The U.K.’s House Of Commons has approved a bill that requires the legislature to approve a no-deal Brexit from the European Union. The legislation, called the Benn Bill, would also compel Prime Minister Boris Johnson to seek an extension if Parliament doesn’t OK a no-deal exit.
The bill is a rebuke to Johnson, who has vowed to fulfill referendum voters’ wish for a Brexit by Oct. 31 whether there’s a deal or not.
Explaining his bill, Member of Parliament Hilary Benn says, “The Bill gives the Government time either to reach a new agreement with the European Union at the European Council meeting next month or to seek Parliament’s specific consent to leave the EU without a deal.”
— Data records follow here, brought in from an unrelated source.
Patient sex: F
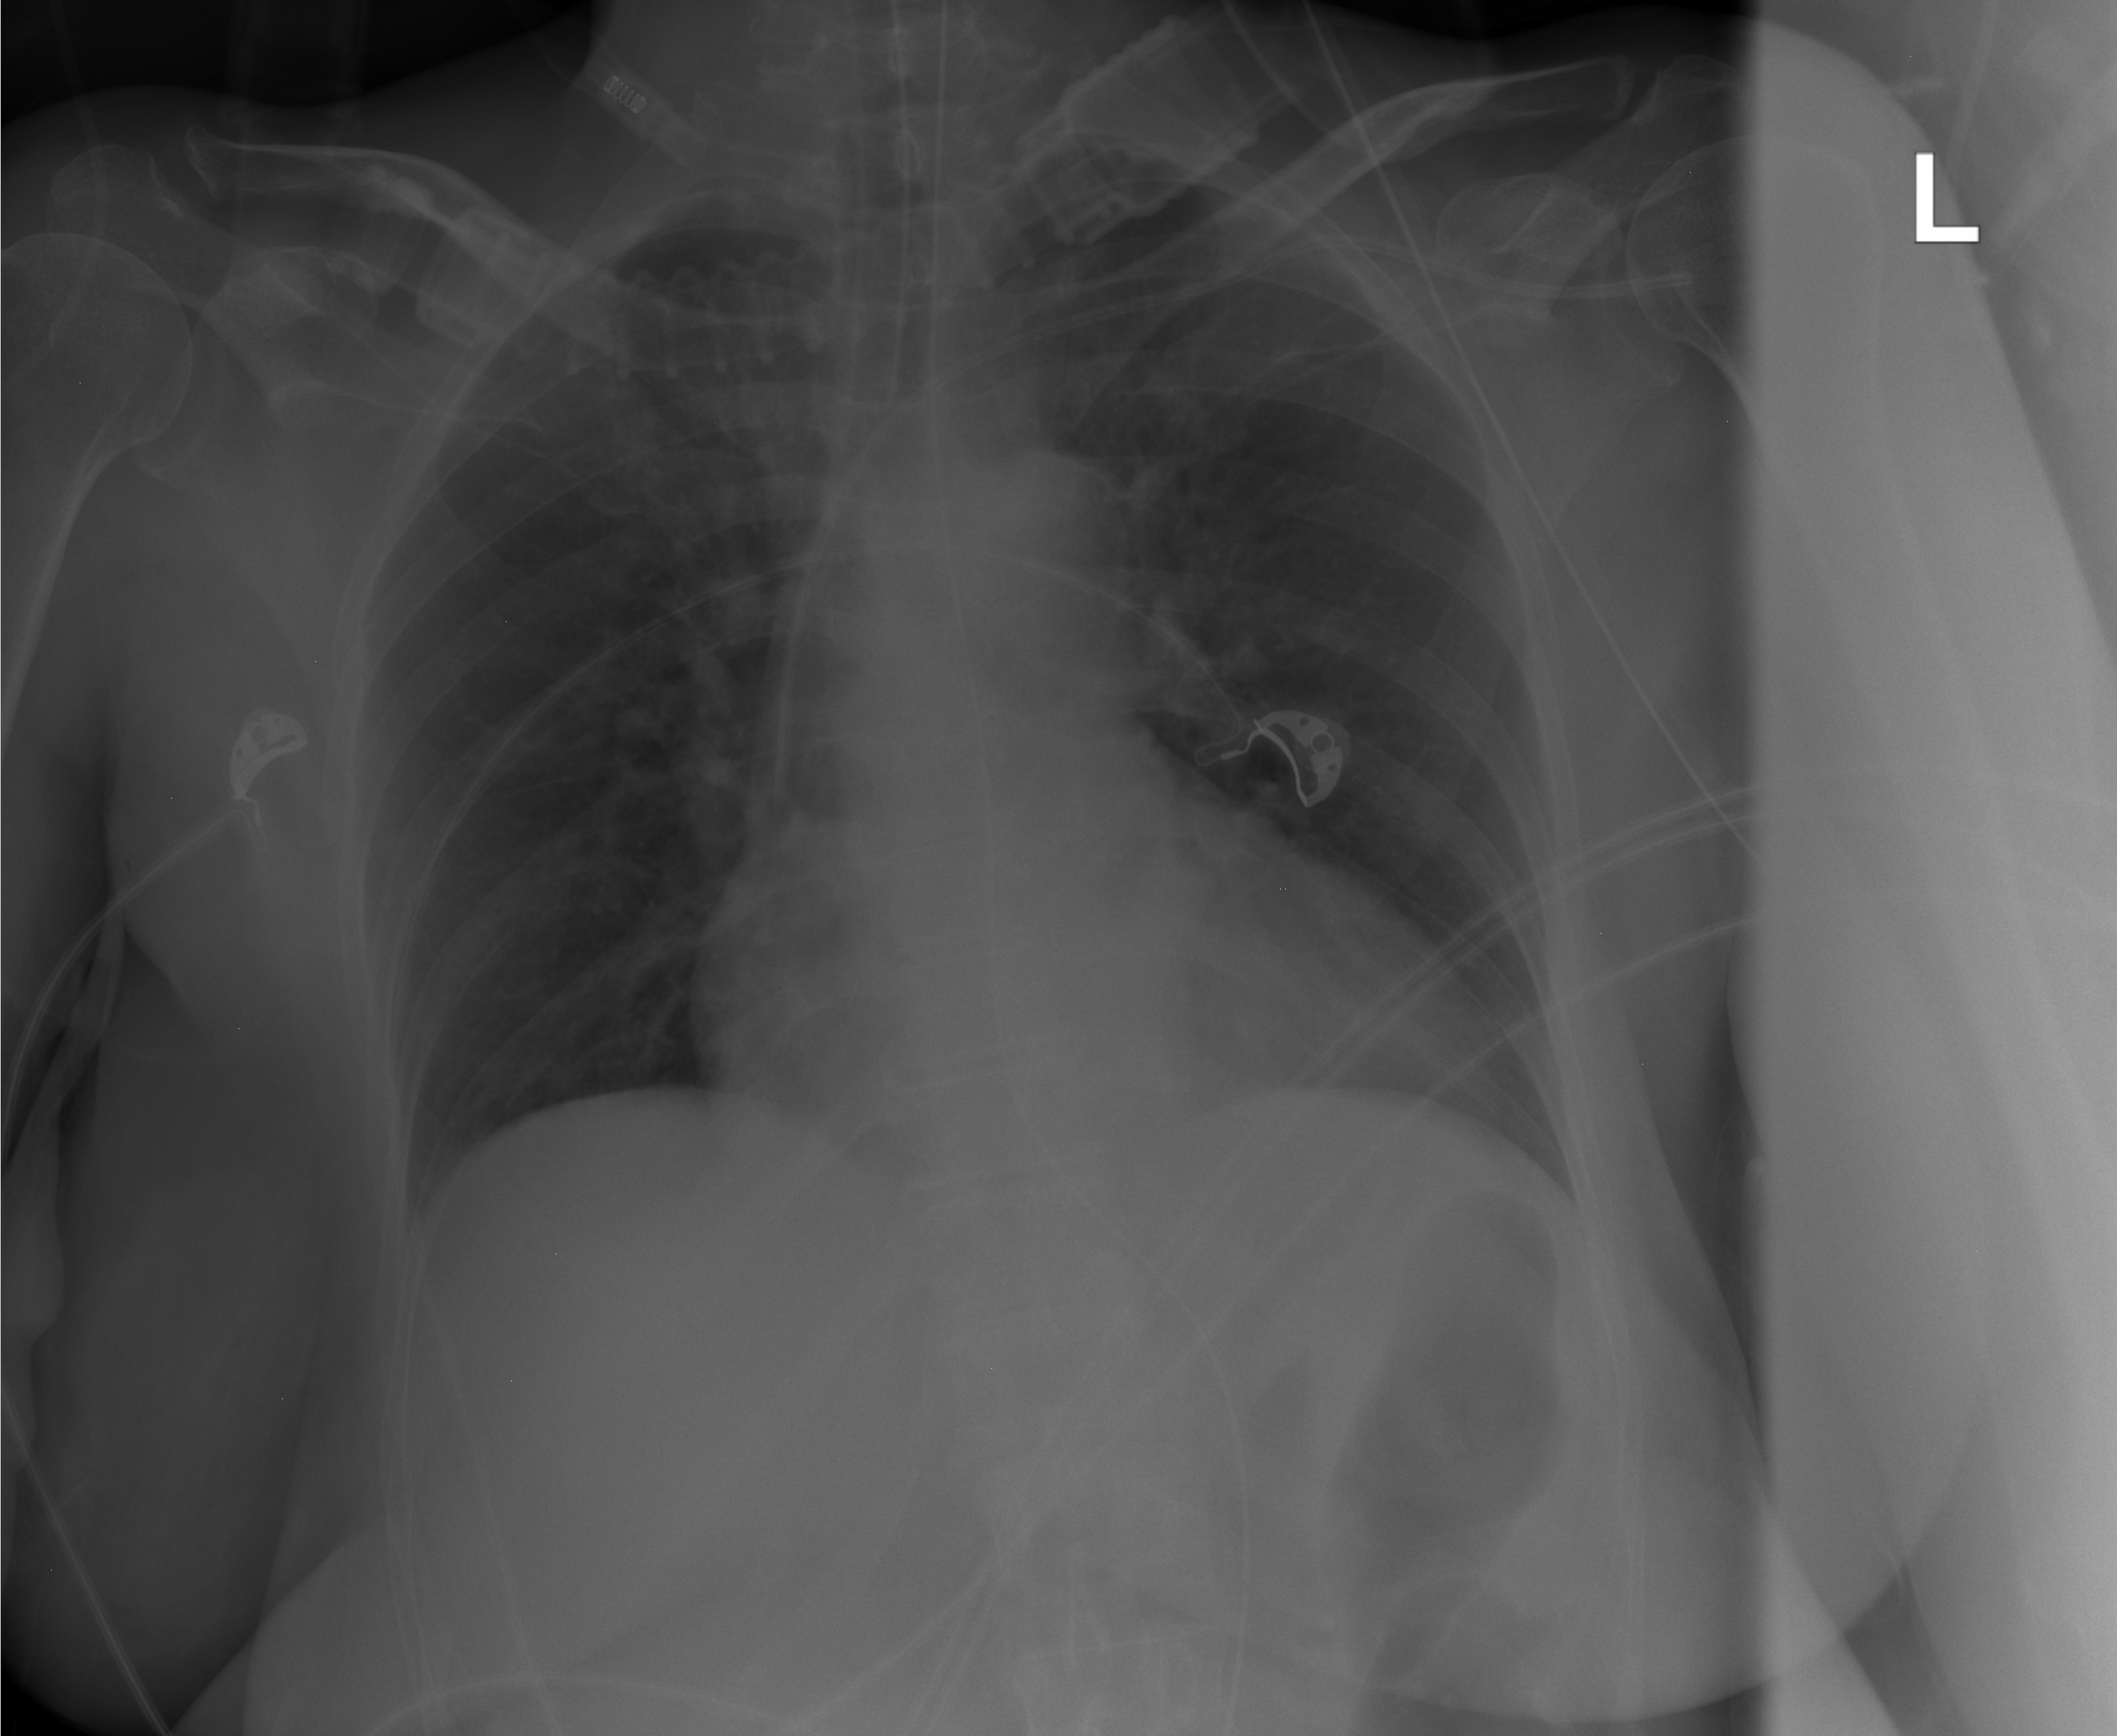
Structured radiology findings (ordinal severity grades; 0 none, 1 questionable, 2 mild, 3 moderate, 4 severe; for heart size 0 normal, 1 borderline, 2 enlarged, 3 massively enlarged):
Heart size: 2
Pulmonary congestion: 0
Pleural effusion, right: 0
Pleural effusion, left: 0
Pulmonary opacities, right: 2
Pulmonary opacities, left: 0
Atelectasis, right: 0
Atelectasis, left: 0
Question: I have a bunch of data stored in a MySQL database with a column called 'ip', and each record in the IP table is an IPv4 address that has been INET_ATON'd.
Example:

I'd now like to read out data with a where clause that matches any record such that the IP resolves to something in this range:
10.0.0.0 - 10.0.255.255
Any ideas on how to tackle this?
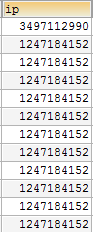
Answer: '''
Select * from table where ip>=inet_Aton('10.0.0.0') and ip<=inet_aton('10.0.255.255')
'''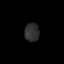
Tissue: lung
Cell type: T cells
Senescence score: 0.2261
Nuclear area (px): 268
Mean DAPI intensity: 45.929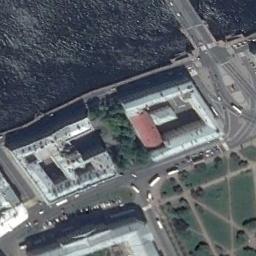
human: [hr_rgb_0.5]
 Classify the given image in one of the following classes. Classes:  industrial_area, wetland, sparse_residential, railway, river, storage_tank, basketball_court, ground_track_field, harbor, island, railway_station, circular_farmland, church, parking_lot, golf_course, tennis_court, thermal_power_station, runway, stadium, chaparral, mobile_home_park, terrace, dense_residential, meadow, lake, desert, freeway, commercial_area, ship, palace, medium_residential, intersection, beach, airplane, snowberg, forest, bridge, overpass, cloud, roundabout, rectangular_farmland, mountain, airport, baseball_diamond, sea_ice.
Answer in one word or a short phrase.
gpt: palace
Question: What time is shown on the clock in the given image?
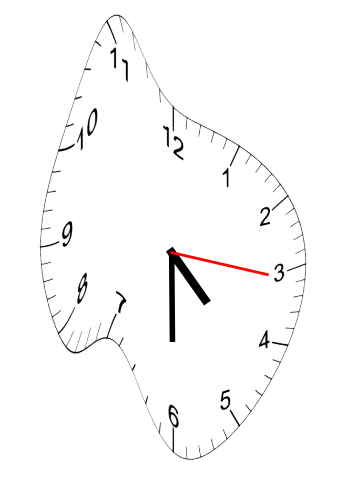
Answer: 04:30:16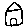
Label: house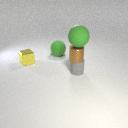
small gray rubber cylinder below small brown metal cylinder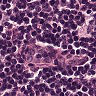
Metastatic tissue present: no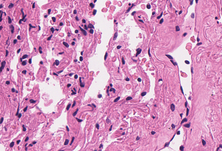
Tumor epithelial tissue: no
Tumor-associated stroma tissue: no
Normal tissue: yes
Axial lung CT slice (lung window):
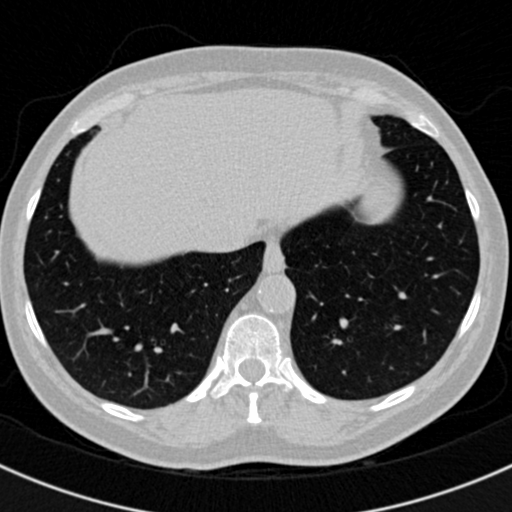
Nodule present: no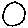
Label: moon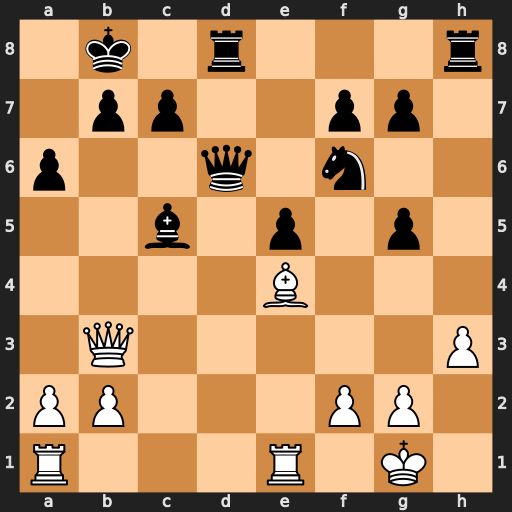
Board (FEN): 1k1r3r/1pp2pp1/p2q1n2/2b1p1p1/4B3/1Q5P/PP3PP1/R3R1K1
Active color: w
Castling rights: -
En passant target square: -
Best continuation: Qxb7#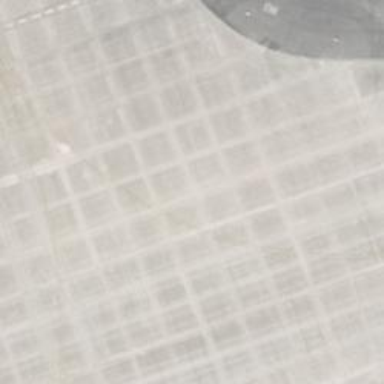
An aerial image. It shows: Taxiway at the airport with concrete surface.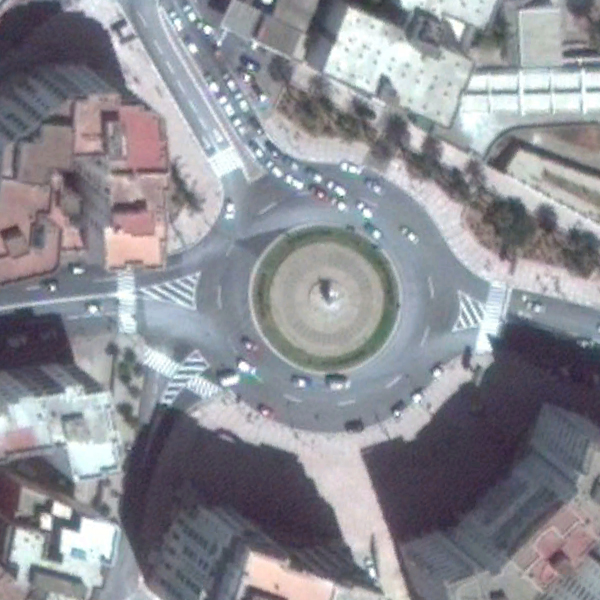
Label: Square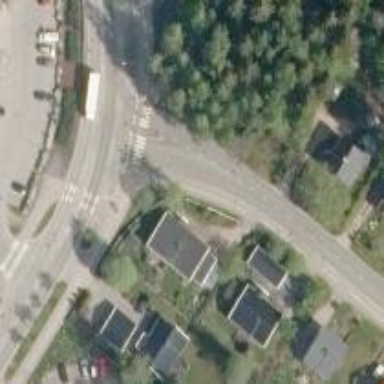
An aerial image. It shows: Road with "give way" sign.

If neither of those conditions are met by Oct. 19, Benn says, Johnson must ask the European Council to add another Brexit extension, setting the new date of Jan. 31, 2020. The Brexit deadline is currently Oct. 31.
The bill was approved by a vote of 327 to 299. After the result was announced, Johnson slammed the legislation, saying it could extend the already delayed process for “many more years to come.” Johnson also criticized the bill by saying it seeks to “force the prime minister, with a predrafted letter, to surrender in international negotiations” with the European Union.
“I refuse to do this,” Johnson said of that requirement. He then said there is only one way forward: to hold a general election on Oct. 15.